- **Activity**:
What the answer must hold is the line containing "Time elapsed from image 1: 5.2 s." and all lines after it through the end of the listing, copied exactly, with pictures left out.

- **Recorded information**:
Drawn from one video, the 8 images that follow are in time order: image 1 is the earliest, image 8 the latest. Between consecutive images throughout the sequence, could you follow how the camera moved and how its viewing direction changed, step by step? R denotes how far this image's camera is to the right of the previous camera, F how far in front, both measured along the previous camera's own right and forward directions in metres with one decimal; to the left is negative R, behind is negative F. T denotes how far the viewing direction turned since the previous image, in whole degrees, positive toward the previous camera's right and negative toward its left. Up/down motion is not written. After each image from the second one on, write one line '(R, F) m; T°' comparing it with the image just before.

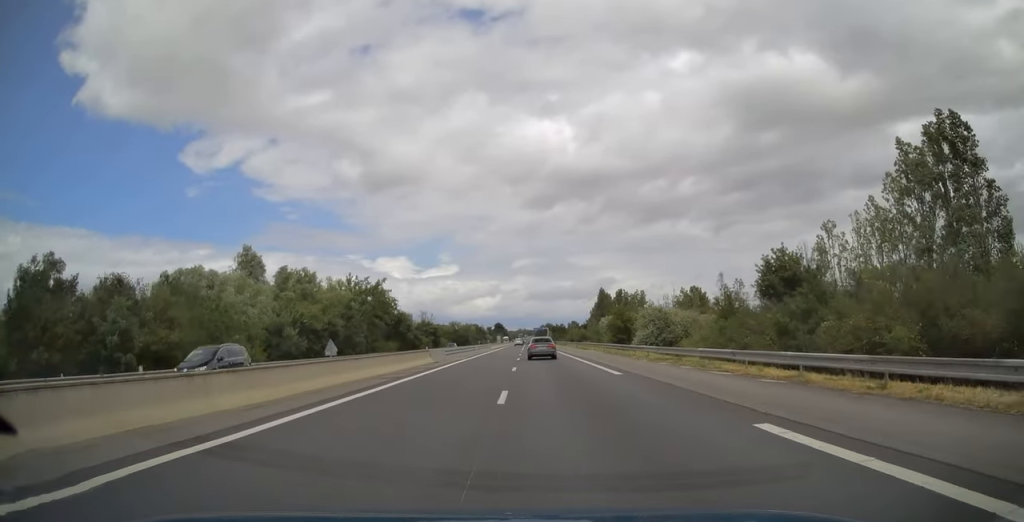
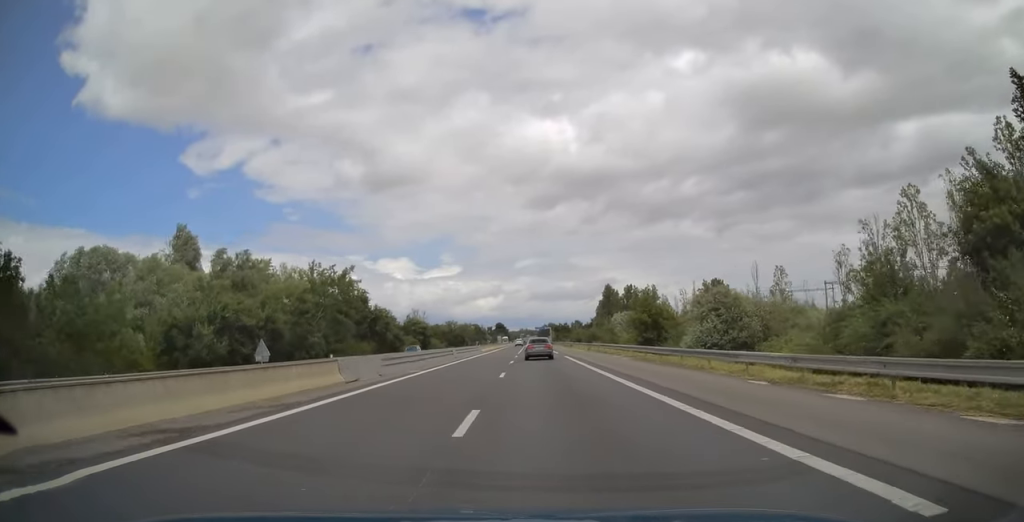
(+0.1, +17.0) m; 0°
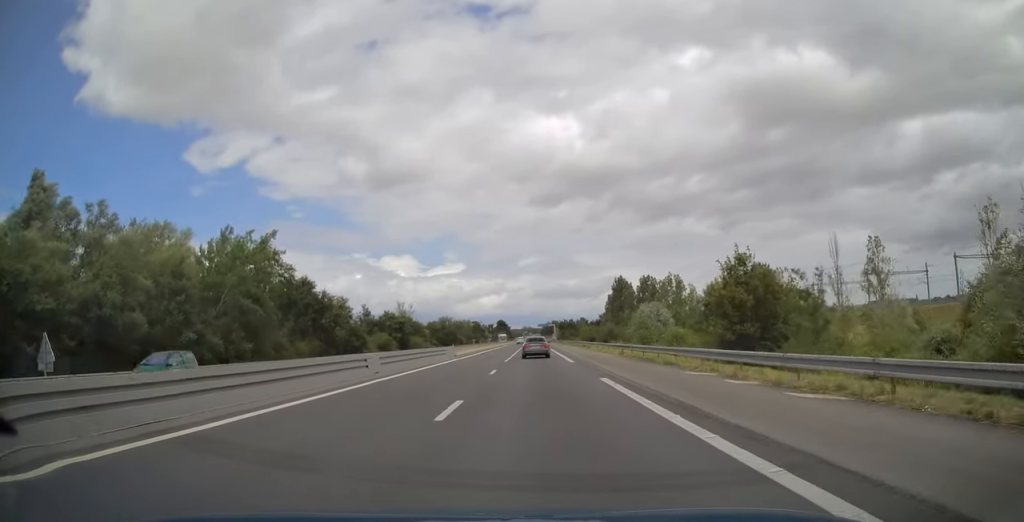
(-0.1, +24.6) m; 0°
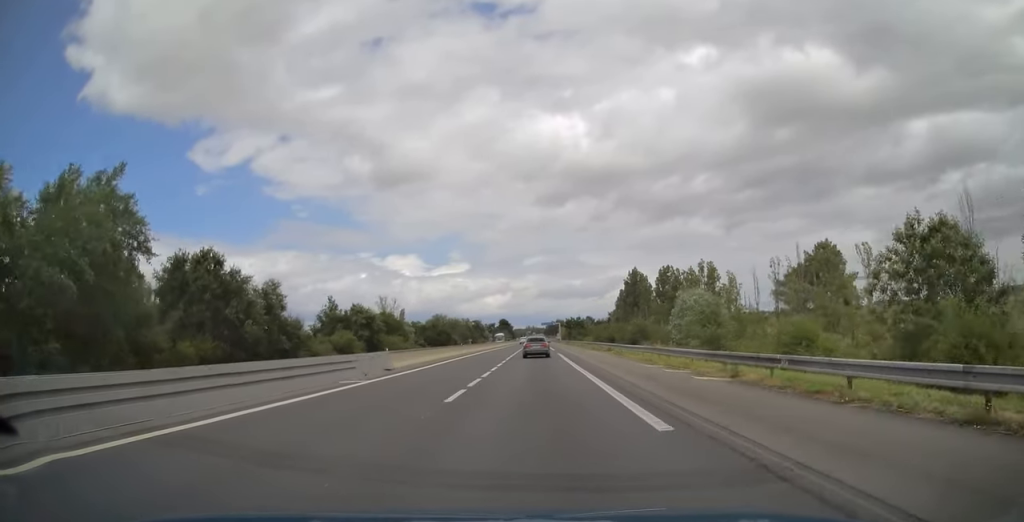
(-0.1, +22.9) m; 0°
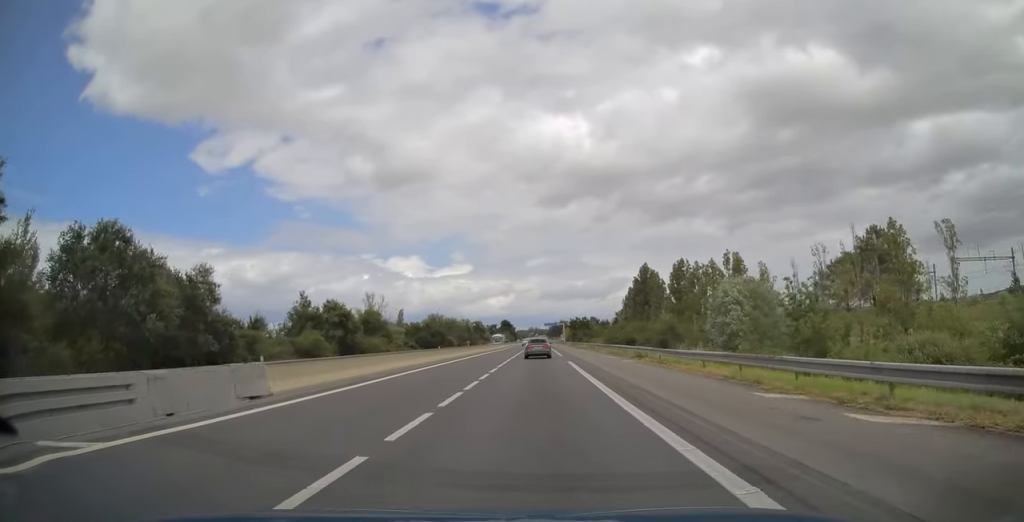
(0.0, +13.6) m; 0°
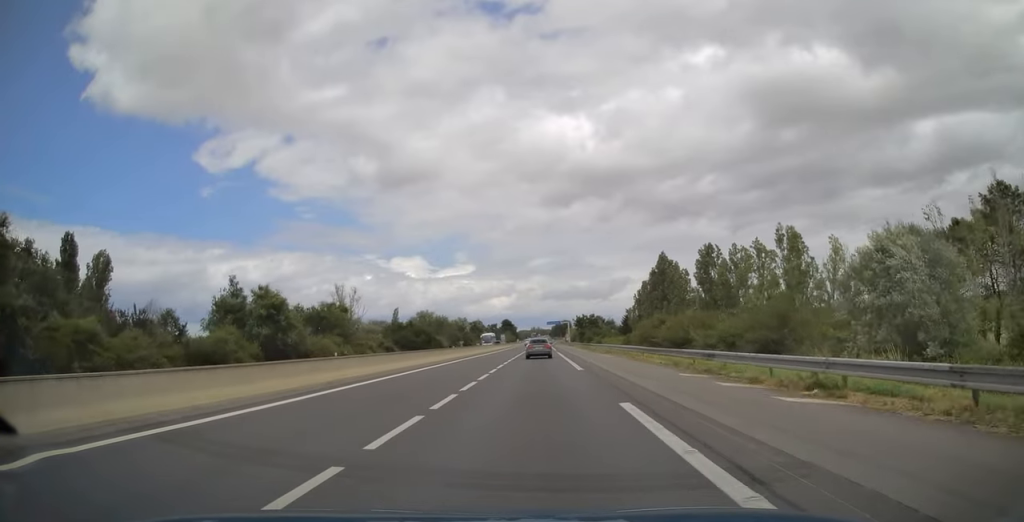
(0.0, +22.2) m; 0°
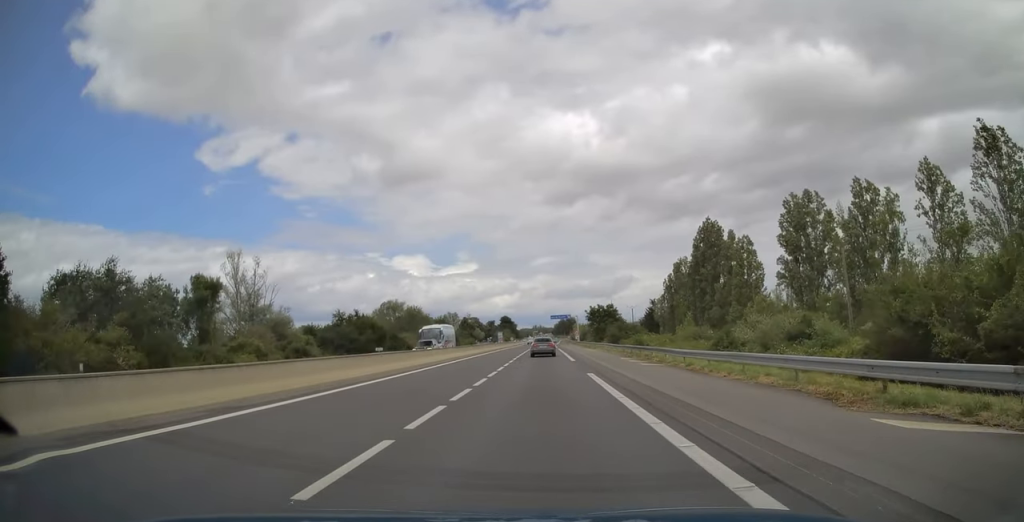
(-0.3, +41.1) m; -1°
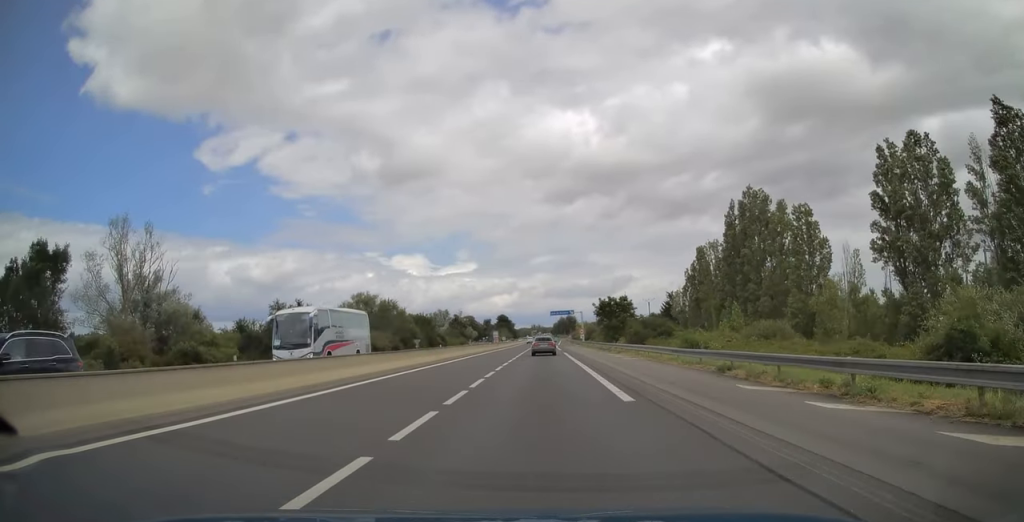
(0.0, +22.7) m; 0°
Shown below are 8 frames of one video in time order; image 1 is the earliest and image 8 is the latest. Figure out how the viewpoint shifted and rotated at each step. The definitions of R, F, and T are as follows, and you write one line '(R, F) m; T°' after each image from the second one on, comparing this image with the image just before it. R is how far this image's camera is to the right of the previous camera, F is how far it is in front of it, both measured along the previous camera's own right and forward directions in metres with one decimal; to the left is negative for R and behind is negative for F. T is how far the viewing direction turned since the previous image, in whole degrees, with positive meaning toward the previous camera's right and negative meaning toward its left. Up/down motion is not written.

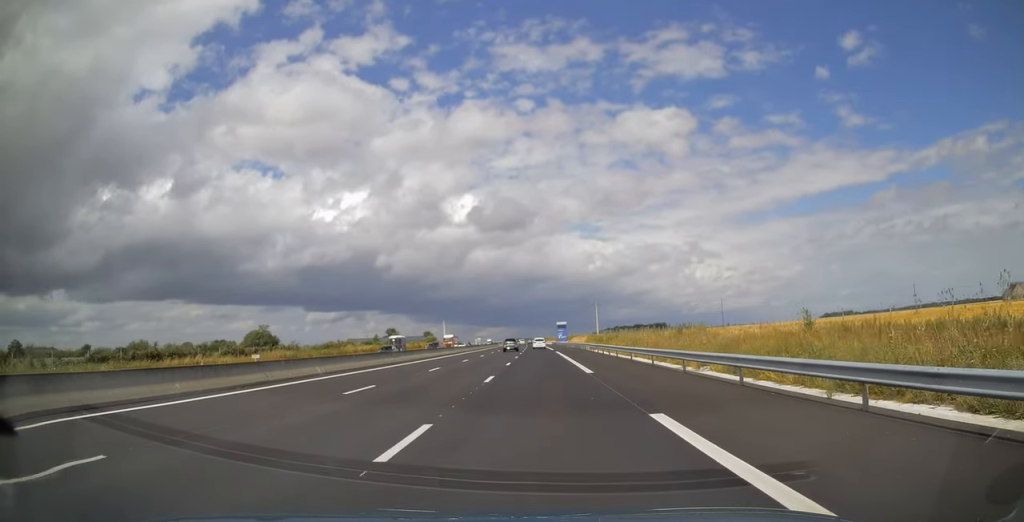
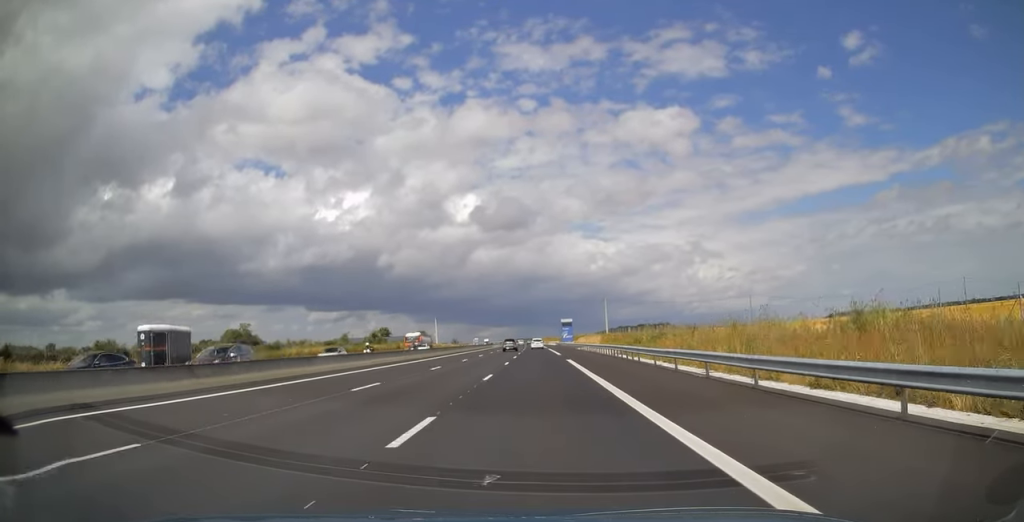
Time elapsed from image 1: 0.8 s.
(-0.2, +25.4) m; 0°
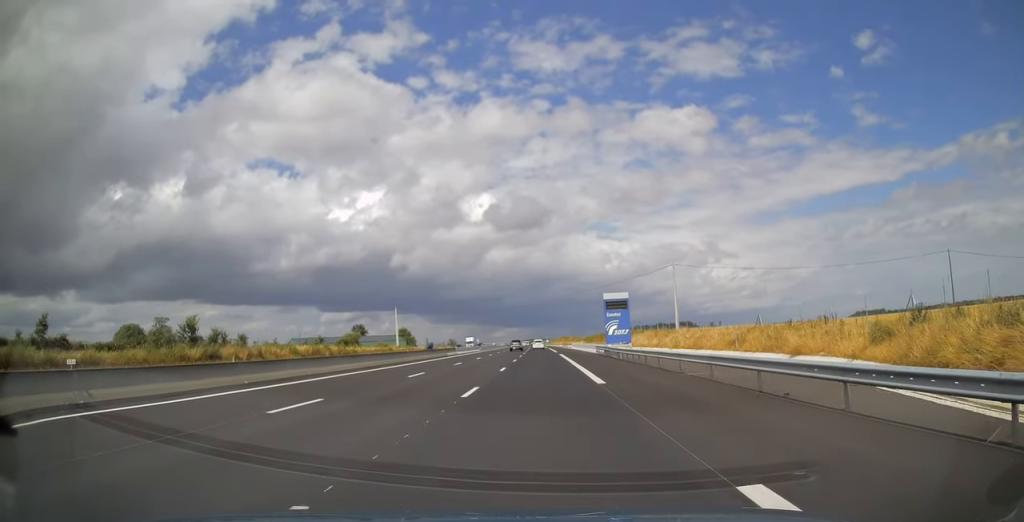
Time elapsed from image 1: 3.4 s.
(-0.1, +84.4) m; -1°
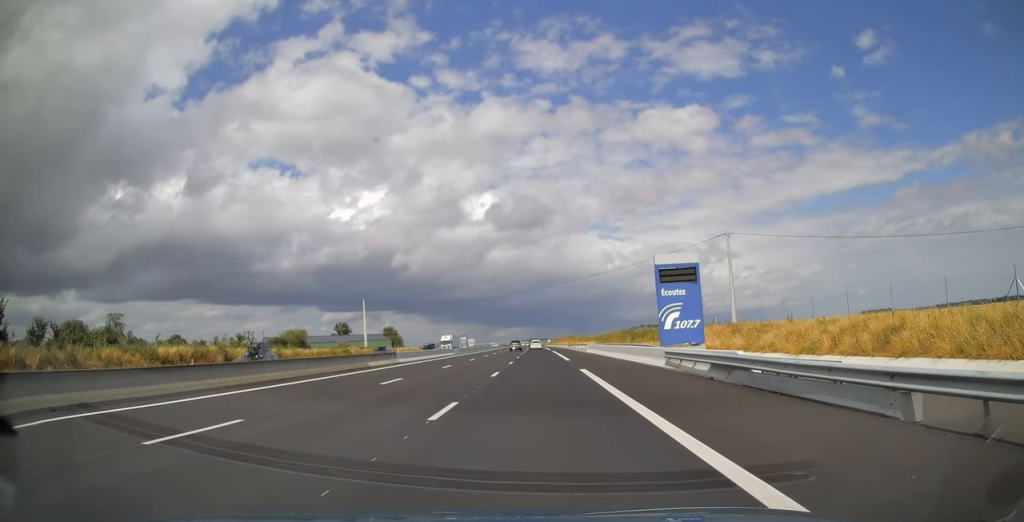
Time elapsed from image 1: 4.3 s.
(-0.1, +30.6) m; 0°
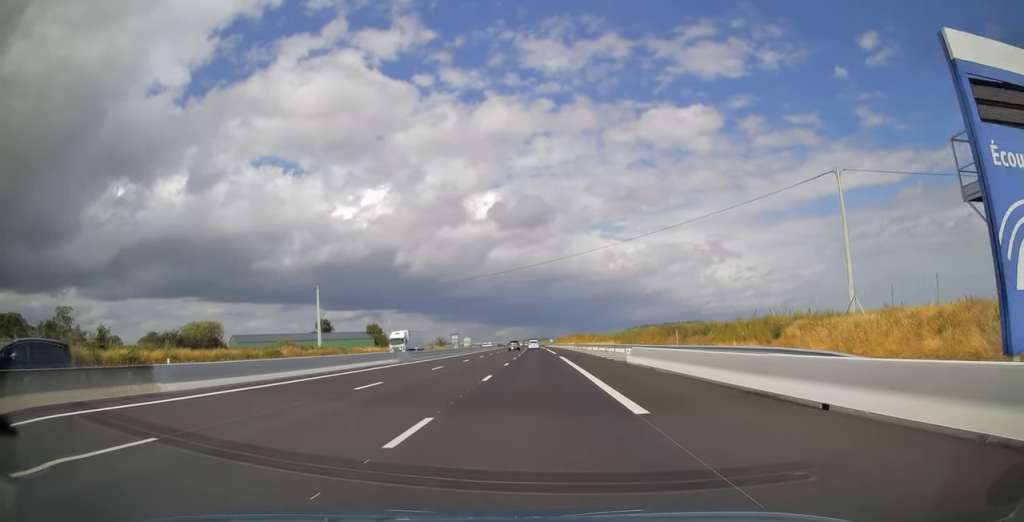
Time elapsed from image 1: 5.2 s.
(-0.1, +29.0) m; 0°
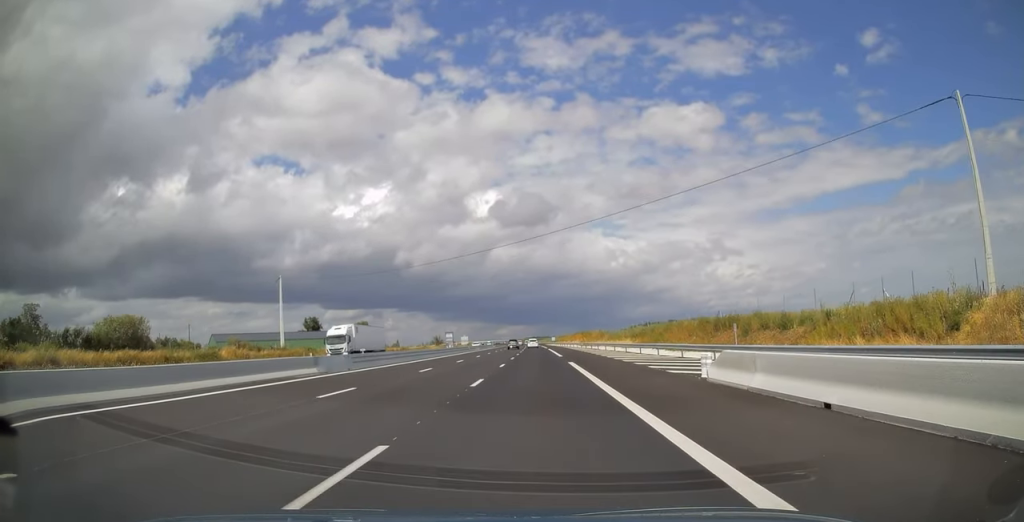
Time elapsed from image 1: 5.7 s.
(0.0, +16.1) m; 0°
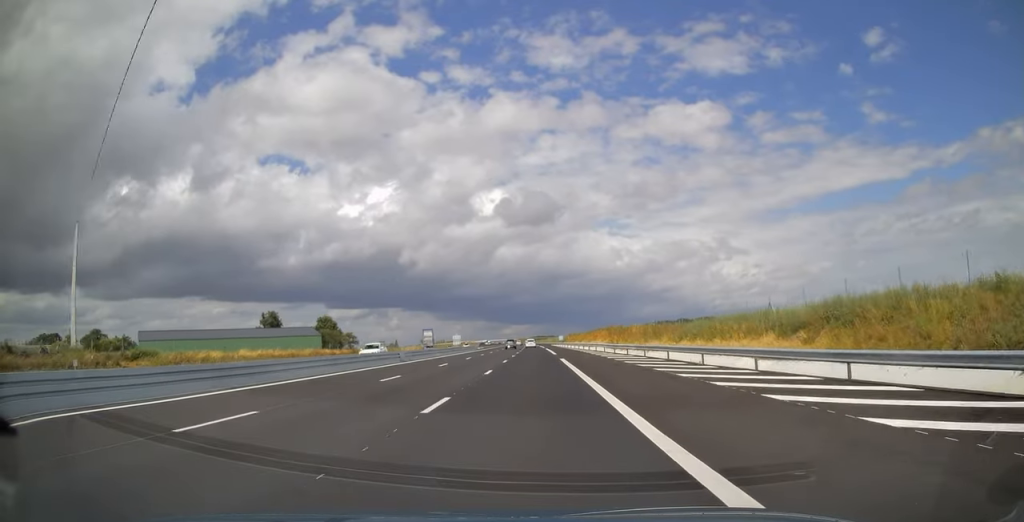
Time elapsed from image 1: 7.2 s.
(-0.1, +45.6) m; 0°
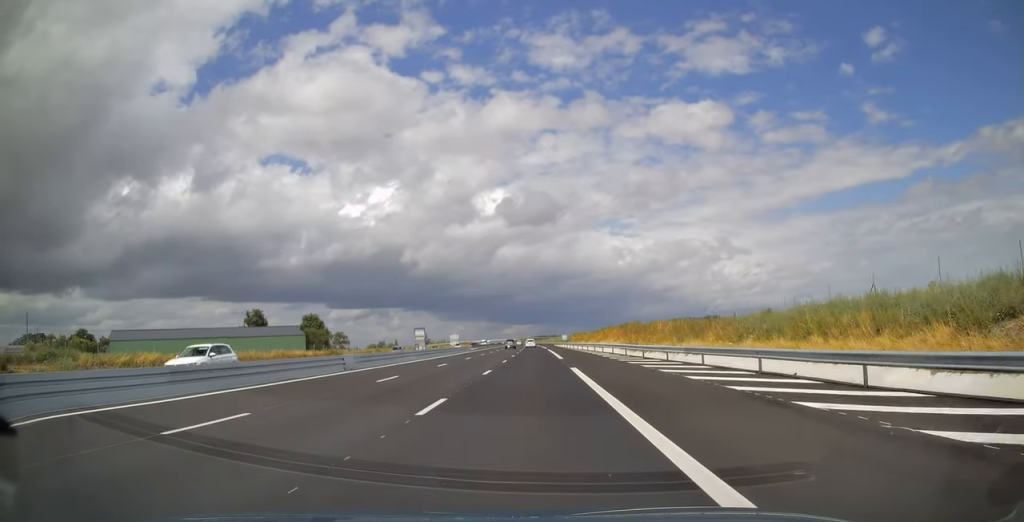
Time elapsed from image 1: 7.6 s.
(-0.1, +13.4) m; 0°

- **Finished exercise**:
Time elapsed from image 1: 5.2 s.
(-0.1, +29.0) m; 0°
Time elapsed from image 1: 5.7 s.
(0.0, +16.1) m; 0°
Time elapsed from image 1: 7.2 s.
(-0.1, +45.6) m; 0°
Time elapsed from image 1: 7.6 s.
(-0.1, +13.4) m; 0°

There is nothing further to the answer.